Grupo de falacias que desvían la atención del asunto que se discute hacia la persona del adversario o sus circunstancias. Cuando se trata, como es habitual, de sostener afirmaciones indemostrables
o decisiones basadas en conjeturas, cobra extraordinario valor persuasivo el
prestigio de la persona que da el consejo o hace la propuesta. En los casos
dudosos (es decir, en la mayoría), concedemos la razón con más facilidad a
aquellos en quienes confiamos, sean médicos, asesores fiscales, fabricantes de
quesitos en porciones, o políticos. Más del
80% de la persuasión nace de la
confianza que inspire el consejero. Un razonamiento que procede de gente sin
fama y el mismo, pero que viene de gente famosa, no tienen igual fuerza.[1] Ahí radica la fortaleza de un político, pero también su punto vulnerable.
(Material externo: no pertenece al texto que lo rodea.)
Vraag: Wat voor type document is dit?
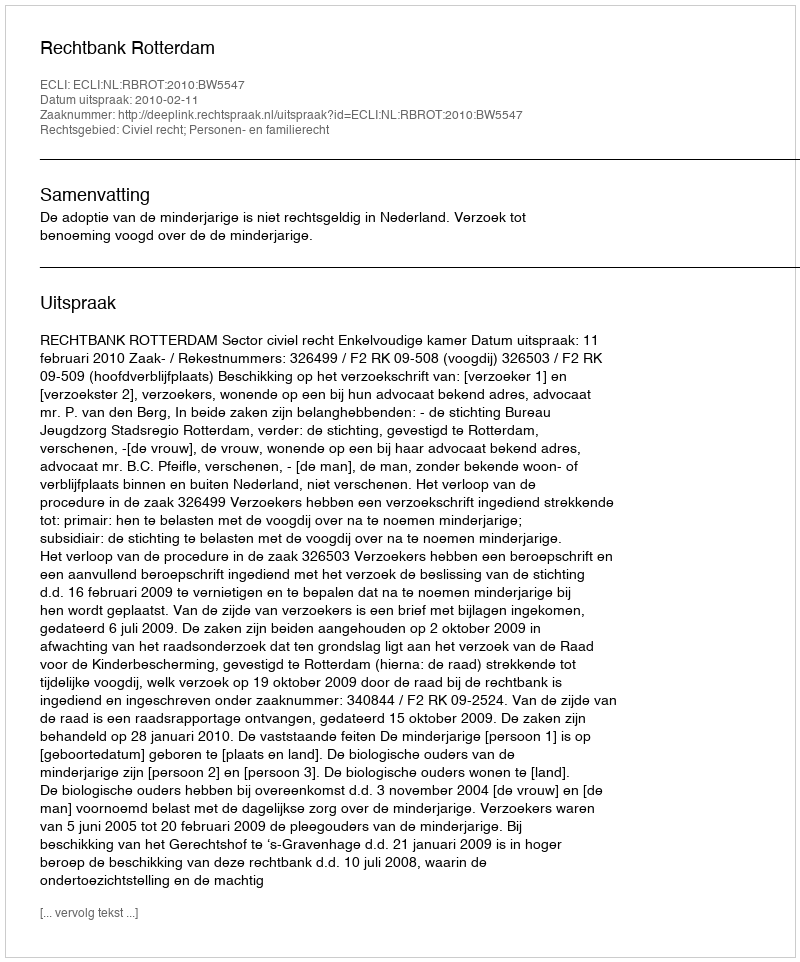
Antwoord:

La difamación es tan frecuente en la vida pública porque los políticos comprenden
instintivamente la necesidad de arruinar el crédito moral de sus adversarios.
En un dirigente sin prestigio los argumentos parecerán argucias, las emociones
farsa, y la sinceridad, hipocresía. De aquí procede un componente inevitable
de la acción política: la batalla por la imagen propia y el desprestigio de la
ajena que, a veces, convierte las locuciones públicas en simples variaciones de
un único mensaje sustancial: yo propongo lo más justo y mi oponente es un
felón. Hay dos argumentos falaces o pseudoargumentos que atacan directamente
al adversario: la Falacia ad hominem
y la Falacia del Muñeco de paja. Son
pseudoargumentos porque ninguno refuta las afirmaciones del contrincante.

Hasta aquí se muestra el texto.